Echo and the Bunnymen.
O post-punk chegou aqui como um cadáver hirto e exumado. 'Lips like sugar' já não é uma mulher fogosa que foge, já não é um cisne, já não flutua, é só uma boneca balofa insuflada, com menos vida que a Gina, a boneca escachada que se passeia nua e labial nas encostas e no rio e num grupo folgazão do festival. 

quinta-feira, agosto 15, 2013

José Miguel Gaspar: Coura, Dia 2

Alabama Shakes
Alabama Shakes

"- Se fechares os olhos quando ela canta o que é que ela te parece?

- A mim parece-me um homem. Mas um homem mais baixo. 

Não sabíamos que Brittany Howard era tão gorda e tão grande como uma cama (eu pelo menos não sabia, sou dos antigos, continuo a consumir só os áudios, não vejo os vídeos), nem que o baixista Zac é um sósia de Zack Galifianakis, mas um Zack imenso e sério e petrificado que só mexe dois dedos debaixo da túnica e da barba inamovível. À quinta canção, já eles tinham tocado 'Hang loose' e 'Hold on', lenta e linda que nos pôs a dançar e a dizer que sim com o torso, como se fossemos salomónicos que dançam sem cabeça e sem membros, e ela já estava a dizer que gostava muito de nós (mas disse-o enrolado, na sua língua americana cheia de sul). Ao sexto tema, com a tenda Vodafone FM atulhada e cinco vezes mais gente que transbordava até às escotilhas, ela parou e disse isto: 'Esta canção não é uma canção triste. Esta canção é sobre aprender a lição'. E atacou, com lentidão encorpada e dulcíssimos golpes (atacou: a canção faz estremecer e ter frio), e entrou-nos com aquela voz grave e de agudos estrídulos, como uma catana pelo coração adentro com 'Heartbreaker', a canção fulminante dos amores prostrados: 'Why, why did you have to slice so wide baby/How was I supposed to know you was a heartbreaker'. Aquilo, e aquilo foi o concerto da noite, é Alabama Shakes, é soul do sul: três acordes, blues e raízes gospel, doe quando é lento, arde e rosna quando é rápido. Os mais exagerados, os do meio e da frente, os que saíram a ressumbrar, falavam na qualidade confluente de vários espíritos, três mortos e um vivo, que ela, Brittany Howard, incorpora, como se ela fosse duas mulheres e dois homens: Winehouse e Simone, Ottis e Prince, nem menos.
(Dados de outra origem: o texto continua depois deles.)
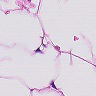
Metastatic tissue present: no
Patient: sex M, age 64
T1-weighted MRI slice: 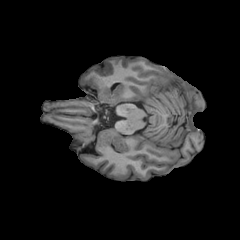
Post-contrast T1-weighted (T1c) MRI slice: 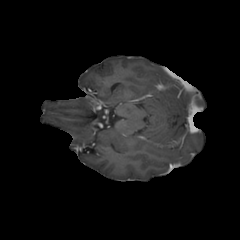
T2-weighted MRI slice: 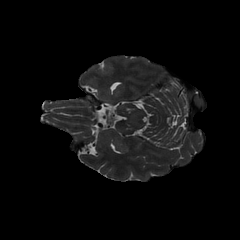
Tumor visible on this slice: no
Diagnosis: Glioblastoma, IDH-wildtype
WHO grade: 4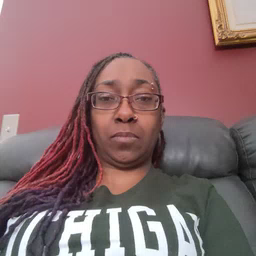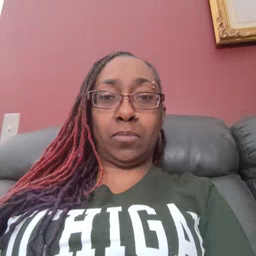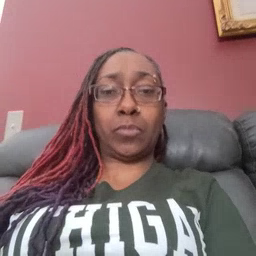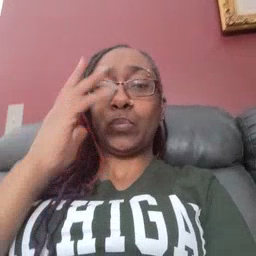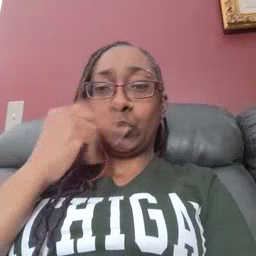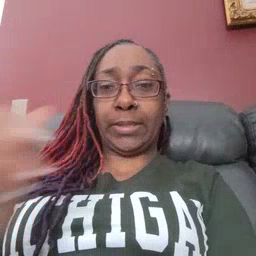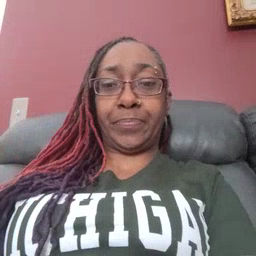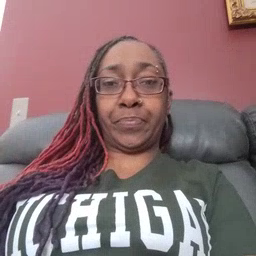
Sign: pretty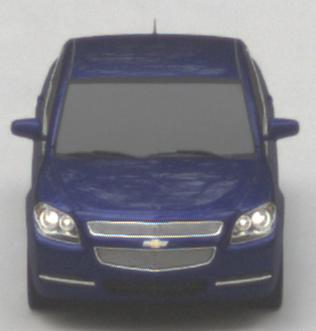
Make: Chevrolet
Model: Malibu 2.4
Detailed model: Malibu
Model produced from: 2012/07
Model produced until: 2014/08
Doors: 4
Color: blue
Road condition: dry road
Daytime: morning or afternoon
Contrast: low contrast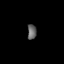
Tissue: skin
Cell type: Epithelial cells
Senescence score: 0.2766
Nuclear area (px): 134
Mean DAPI intensity: 98.858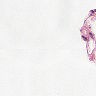
Metastatic tissue present: no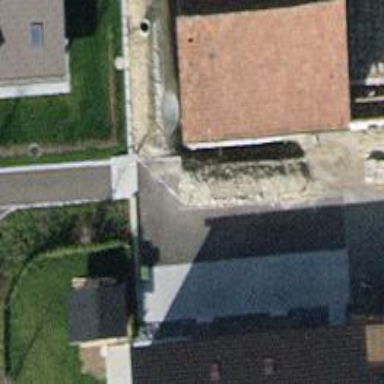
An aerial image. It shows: Road with steps.

No fim ela parecia uma cama suada, feliz e desgrenhada.


U.M.O.


Ao vivo, a pop psicadélica da Unknown Mortal Orchestra (trio, EUA) é uma coisa fuzzy emaranhada cheia de wah wahs. Em disco não, mas ao vivo sim, parece-me música para ancas tortas ou para lagartos que levam choques eléctricos e ouvem excessivamente Tame Impala. Ali, na tenda preta que é sempre pequena para tanta gente (e que tem um chão demasiado duro), a voz do vocalista Ruban Nielson parece batida pelo vento, sai fatiada como as vozes de certos desenhos animados agudos, e ele toca a guitarra como se fosse um cossaco ou como se estivesse sempre prestes a perder o chão. Os da frente, os surrealistas e os desesperados, os que estão no vórtice do som, gostaram muito e guincharam, mas não foi grande pistola. 

Bombino

Omara Bombino não é nenhum Omar Souleyman (Souleyman é só uma cassete e uns Ray Ban de kaffyeh com pernas curtas) e já tem pelo menos três recordes de Coura 2013: é campeão do salto em comprimento lento (tem mantras de 21 minutos que são faraónicas cavalgadas eléctricas); foi o único a fazer encore (nos festivais de agora o poder legislativo do improviso foi absorvido pelo poder executivo do patrocinador e da sua ditadura da pontualidade); e foi o que teve mais e melhor crowdsurfing (o único concerto onde se nadou licenciosamente e sem peias, com pernas pelo ar e mergulhos de bruços no mar de braços do povo). Bombino, um tuareg do Niger que se dedicava à desértica contemplação e à pastorícia, salta agora com o robe dourado de Cassius Clay, como se fosse um boxer invicto que luta de guitarra. Parece aprendeu a tocá-la a decalcar riffs de vídeos de Jimi Hendrix e de Mark Knopfler (mas também podia ter aprendido no Air Guitar, o jogo dos guitarristas imaginários). Graças a Deus e a Alá, aprendeu mais com os 15 minutos psicoeléctricos do 'Voodoo child' do que com toda a discografia do sultão serôdio do swing.

O seu jogo é hábil: 

canções construídas em torno de riffs resistentes (são enganosamente simples mas estão em movimento perpétuo de justaposição e overdub), polinização cruzada de rock, blues e deserto, e aquele transe inacabável do trance que garante as alienações e os arroubos de espírito. O seu baixista, o único inteiramente enrolado no tagelmust branco , é o meu cromo favorito, um baixista de ferro que bamboleia sem nunca despegar os pés, como se tocasse atado a camelo que vai num trote interminável."